The resulting mixture was placed in a graphite crucible, heated at 1000°C for 30 minutes, then heated to 1200°C over 60 minutes, heated at 1200°C for 30 minutes, and then heated to 1500°C over 90 minutes. After raising the temperature to 1,500°C for 60 minutes, the mixture was melted in an electric furnace. The melt is then ca.
It was dropped into a flow of pressurized air with a pressure of 4 to 6 kg/c+*" of O times the weight to form fibers. The ratio of melting @ 5: air was 1:10 to
It was 20. After collecting the cotton, remove the shot and then dry it.
The zero asbestos content of the collected waste was approximately 80%. The size of the shots was about 1-51. The fire resistance and fiber dimensions of the obtained fibers were the same as in Example 1.

(Effects of the Invention) As is clear from the above explanation, according to the present invention, it is possible to reuse waste asbestos, for which there was no other option than dumping it, and it is also possible to reuse natural asbestos. It has become possible to expand the system, and the effects can be summarized as follows.
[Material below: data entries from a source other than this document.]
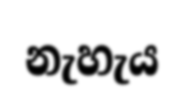
නැහැය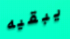
يبقيه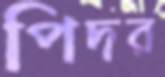
পিদর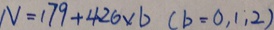
N = 1 7 9 + 4 2 6 \times b ( b = 0 , 1 , 2 )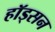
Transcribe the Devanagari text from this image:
हॉड्सन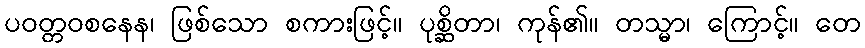
ပဝတ္တဝစနေန၊ ဖြစ်သော စကားဖြင့်။ ပုစ္ဆိတာ၊ ကုန်၏။ တသ္မာ၊ ကြောင့်။ တေ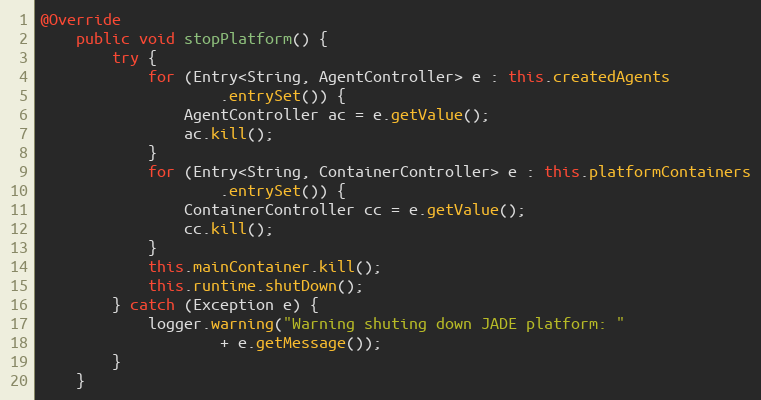
Language: Java
@Override
    public void stopPlatform() {
        try {
            for (Entry<String, AgentController> e : this.createdAgents
                    .entrySet()) {
                AgentController ac = e.getValue();
                ac.kill();
            }
            for (Entry<String, ContainerController> e : this.platformContainers
                    .entrySet()) {
                ContainerController cc = e.getValue();
                cc.kill();
            }
            this.mainContainer.kill();
            this.runtime.shutDown();
        } catch (Exception e) {
            logger.warning("Warning shuting down JADE platform: "
                    + e.getMessage());
        }
    }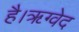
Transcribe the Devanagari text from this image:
है।ॠग्वेद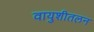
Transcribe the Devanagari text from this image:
वायुशीतलन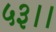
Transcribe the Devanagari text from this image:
५३।।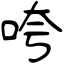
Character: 咵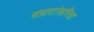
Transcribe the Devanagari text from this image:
सम्राटांकरिता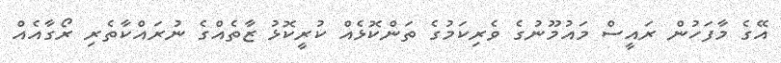
އޭގެ މާފަހުން ރައީސް މައުމޫނުގެ ވެރިކަމުގެ ތަންކޮޅެއް ކުރީކޮޅު ޒާތެއްގެ ނުރައްކާތެރި ރޯގާއެއް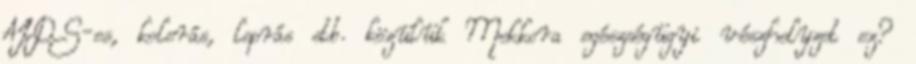
AIDS-es, kolerás, leprás stb. közülük Mekkora egészségügyi vészhelyzet ez?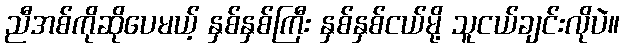
ညီအစ်ကိုဆိုပေမယ့် နှစ်နှစ်ကြီး နှစ်နှစ်ငယ်မို့ သူငယ်ချင်းလိုပဲ။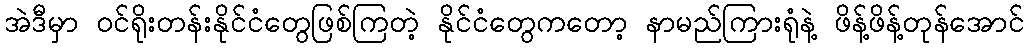
အဲဒီမှာ ဝင်ရိုးတန်းနိုင်ငံတွေဖြစ်ကြတဲ့ နိုင်ငံတွေကတော့ နာမည်ကြားရုံနဲ့ ဖိန့်ဖိန့်တုန်အောင်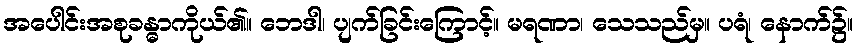
အပေါင်းအစုခန္ဓာကိုယ်၏။ ဘေဒါ၊ ပျက်ခြင်းကြောင့်။ မရဏာ၊ သေသည်မှ။ ပရံ၊ နောက်၌။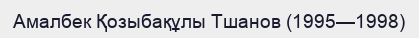
Амалбек Қозыбақұлы Тшанов (1995—1998)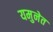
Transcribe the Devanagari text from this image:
यमुनेत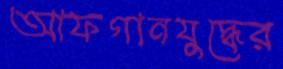
আফগানযুদ্ধের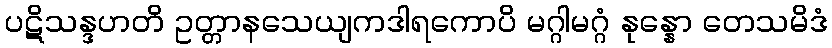
ပဋိသန္ဒဟတိ ဥတ္တာနသေယျကဒါရကောပိ မဂ္ဂါမဂ္ဂံ နုန္နော တေသမိဒံ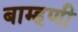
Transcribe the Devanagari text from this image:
बाम्हणी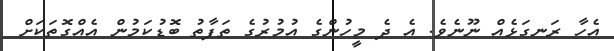
އެހާ ރަނގަޅެއް ނޫނެވެ. އެ ދެ މީހުންގެ އުމުރުގެ ތަފާތު ބޮޑުކަމުން އެއްގޮތަކަށް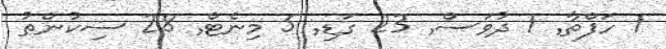
1 ހަފްތާ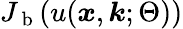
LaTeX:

■It is possible to add industrial utility value to waste asbestos.

■As there is no need to dump as in the past, there is no need to worry about securing a dumping site or environmental issues.

■Reducing the carcinogenicity of natural asbestos and making it possible to use it economically.

[Brief explanation of drawings]

FIG. 1 is a flow diagram of the method according to the present invention. 10: Melting furnace 20: Fluid 30: Fiberization bag W 40: Cotton collection device 50: Separation device 60: Asbestos fiber 70: Molding device

Claims (1)

[Claims] Materials containing asbestos are melted in a melting furnace and the basicity [
(MgO+CaO)/SiO_2] is adjusted to 5.0 or less, and then the asbestos material is made into fibers.